Comment 19 Stefan Hellermann 2007-12-03 22:52:11 UTC
I've send my busybox-patch and some ideas upstream.

May I add a feature request for genkernel-3.5?
Before booting from NFS I would like to setup a bridge with only eth0 as interface. Then fetch the IP with udhcpc on the bridge interface and mount NFS. This makes it possible to use XEN and any Qemu-based Emulator/Virtualization  with bridged interfaces when booting from NFS. They need the bridge for direct connection to the network. Adding a bridge later is nearly impossible when eth0 is in use for your rootfs.
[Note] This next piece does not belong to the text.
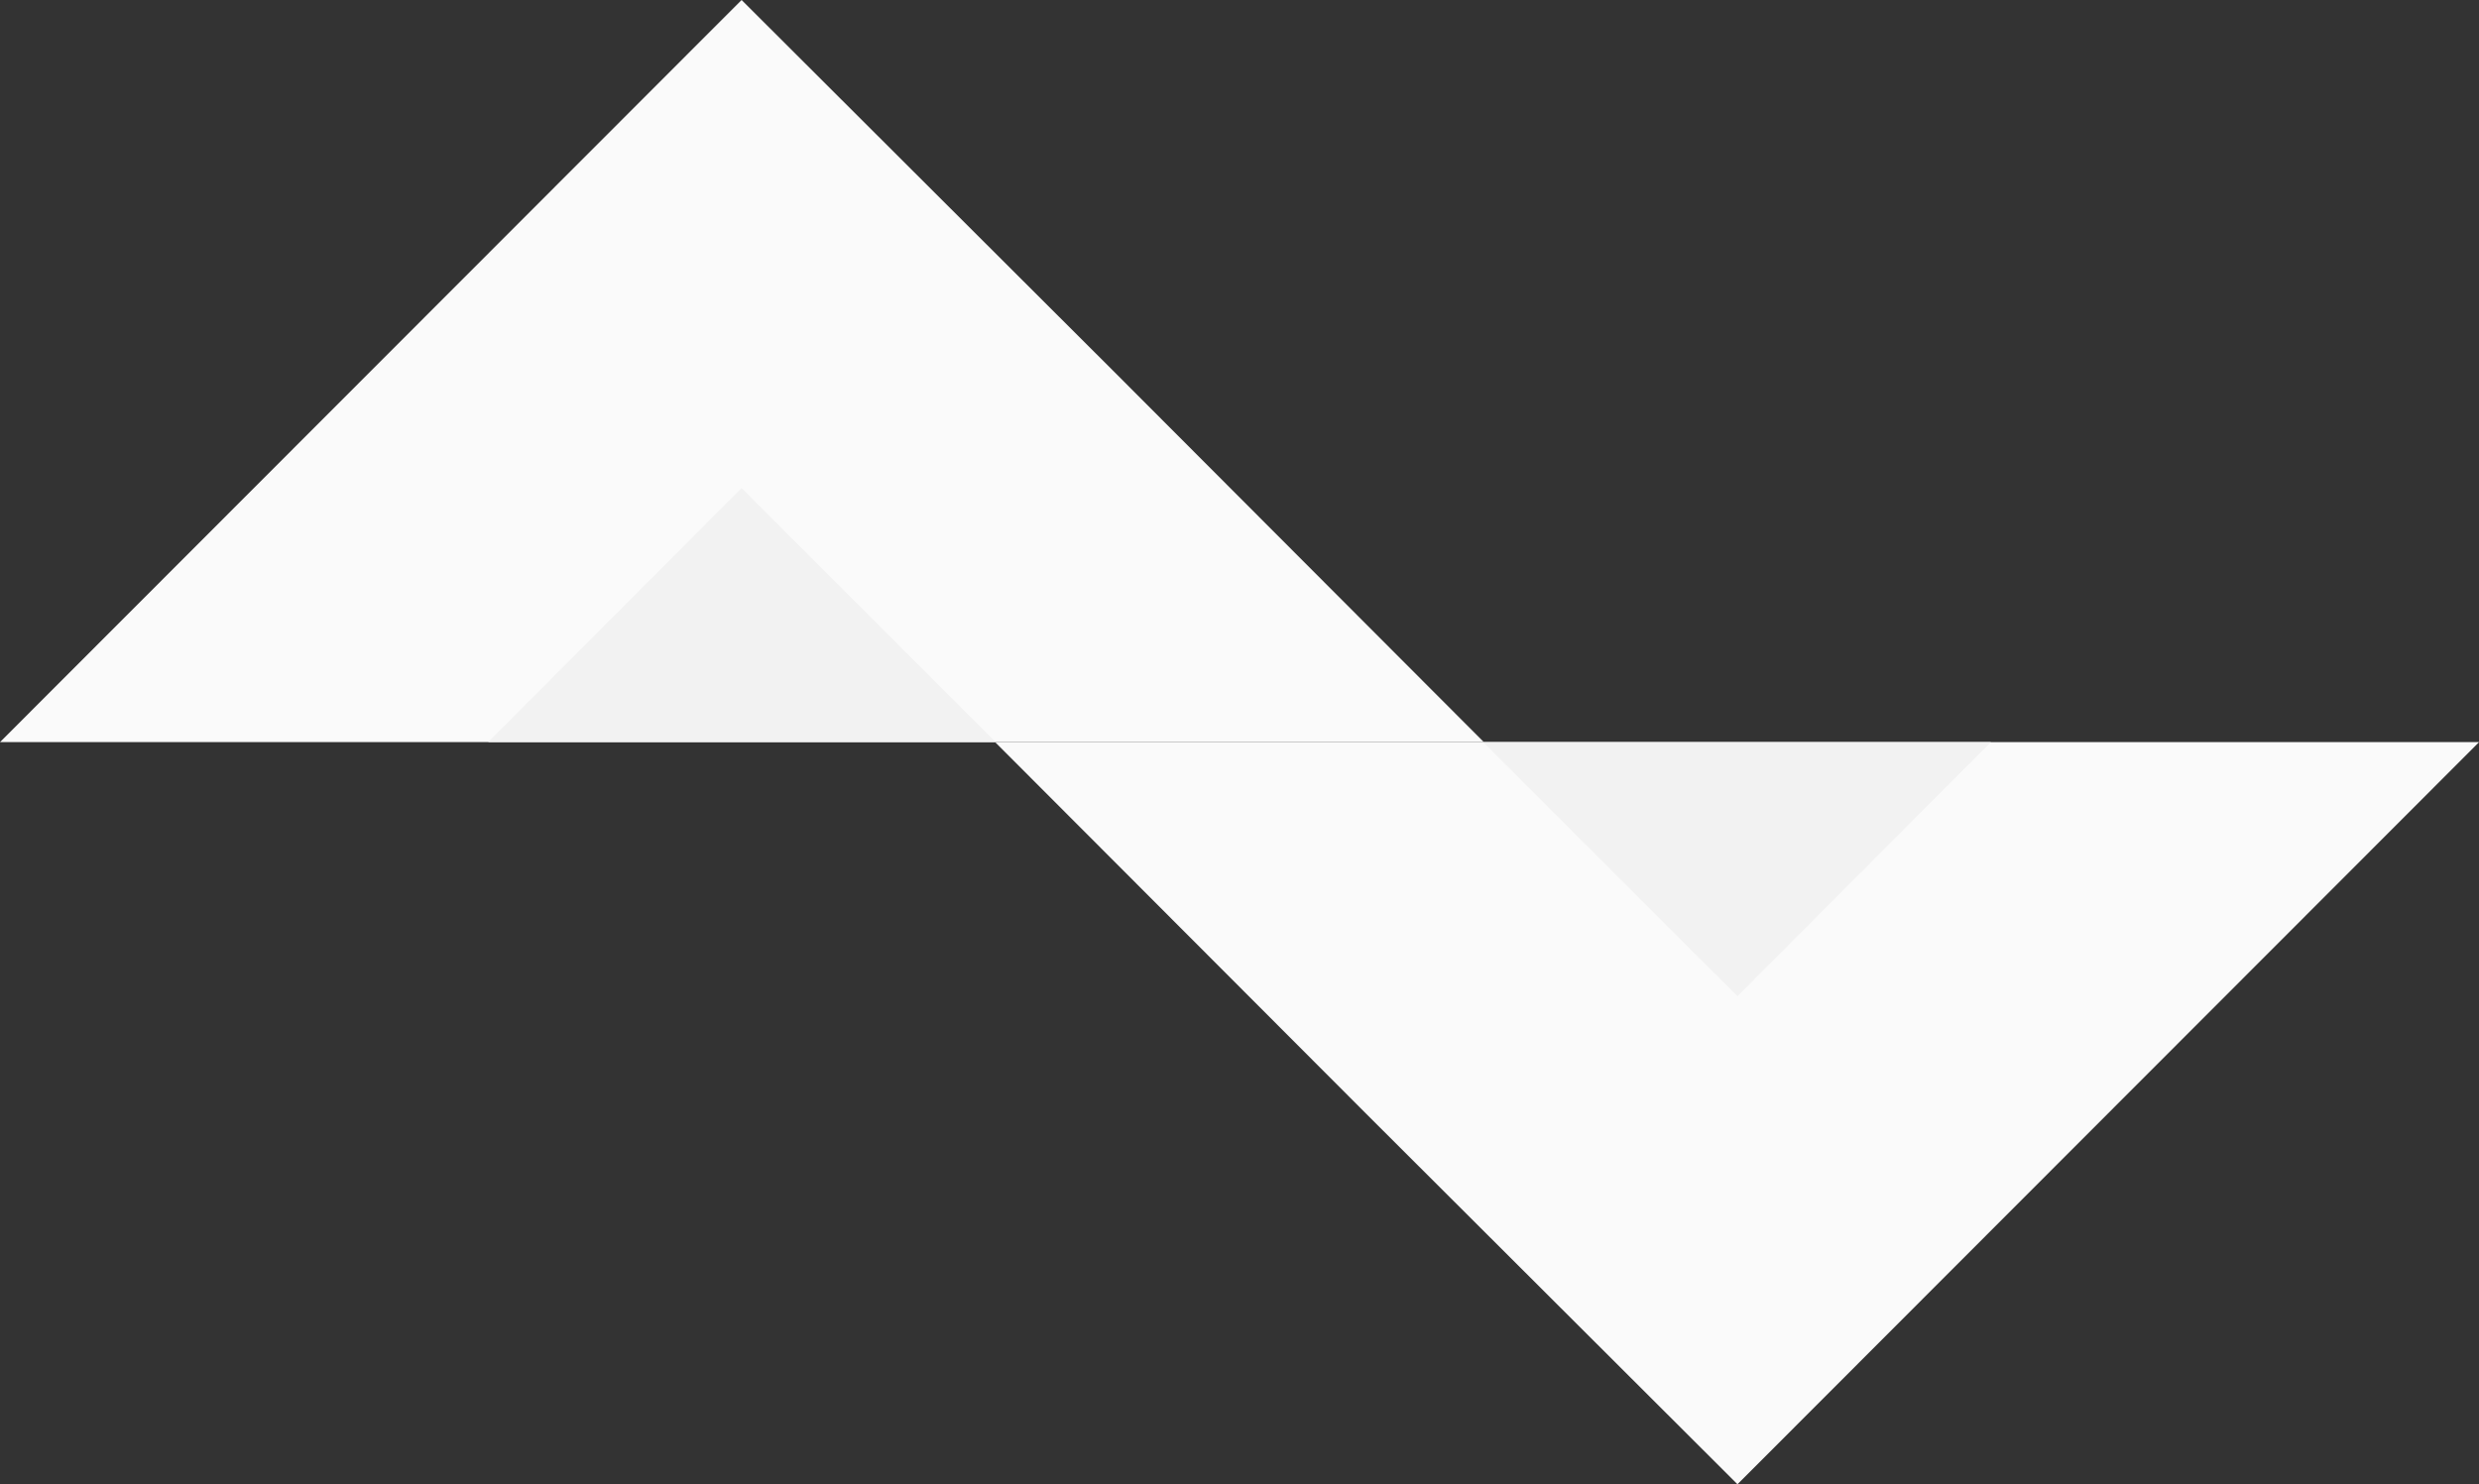 <svg xmlns="http://www.w3.org/2000/svg" viewBox="0 0 1392.54 833.97"><rect x="0" y="0" width="1392.54" height="833.97" fill="#333333" stroke="none"/><defs><style>.cls-1{fill:#fafafa;}.cls-2{fill:#f2f2f2;}</style></defs><title>Asset 1</title><g id="Layer_2" data-name="Layer 2"><g id="Layer_1-2" data-name="Layer 1"><path class="cls-1" d="M625.25,208.29,416.58,0,0,417H833.54Z"/><path class="cls-2" d="M274.21,417,416.58,274.21,559.34,417Z"/><path class="cls-1" d="M767.29,625.68,976,834l416.57-417H559Z"/><path class="cls-2" d="M1118.34,417,976,559.76,833.21,417Z"/></g></g></svg>

Here is the function I'm using here, call it befor setting up NFS of course. I change the name of the real device to peth0 and the bridge is called eth0, so it's transparent for every other application. Also I use $IFDEV instead of hard coded eth0.

setup_bridge() {
        # Check if $IFDEV exists, otherwise return
        ip link list dev "${IFDEV}" > /dev/null 2>&1 || return 1
        # Rename it to p$IFDEV (physical-Ifdev)
        ip link set "${IFDEV}" down
        ip link set "${IFDEV}" name "p${IFDEV}"
        ifconfig "p${IFDEV}" up promisc
        # create a bridge with the name $IFDEV
        brctl addbr "${IFDEV}"
        # this is needed, otherwise it lasts 15s until the bridge is usable
        brctl setfd "${IFDEV}" 0
        # add the physical interface to our new bridge
        brctl addif "${IFDEV}" "p${IFDEV}"
}

It's not perfect but in use for many machines ;)

Cheers
Stefan
Comment 20 Stefan Hellermann 2007-12-10 12:10:07 UTC
My busybox_udhcp_add_-O_option-v2.patch is accepted upstream with some changes, will be in busybox-1.9. So it's obsolete here, genkernel_udhcpc_-R_is_now_-O.patch is needed to use it.
Comment 21 Andrew Gaffney (RETIRED) gentoo-dev 2008-03-14 16:12:23 UTC
I've fixed this in SVN. The new udhcpc command is:

busybox udhcpc -n -T 15 -q -s /bin/udhcpc.scripts
Comment 22 Stefan Hellermann 2008-03-14 16:45:30 UTC
(In reply to comment #21)
> I've fixed this in SVN. The new udhcpc command is:
> 
> busybox udhcpc -n -T 15 -q -s /bin/udhcpc.scripts
> 

Now I have to put the nfsroot-information to the kernel-cmdline. If you use >=busybox-1.9.0 you can append -O rootpath. With this udhcpc requests the nfsroot from the dhcp-server.
But it's no longer important for me, I use my own initramfs now. I can put it onto my homepage if someone is interested.
Comment 23 Andrew Gaffney (RETIRED) gentoo-dev 2008-03-14 17:43:03 UTC
We're only using busybox-1.7.4 due to issue with forward-porting the mdadm patches.
Comment 24 Chris Gianelloni (RETIRED) gentoo-dev 2008-06-26 17:49:40 UTC
OK.  This is resolved in genkernel 3.4.10, which is now in the tree and stable.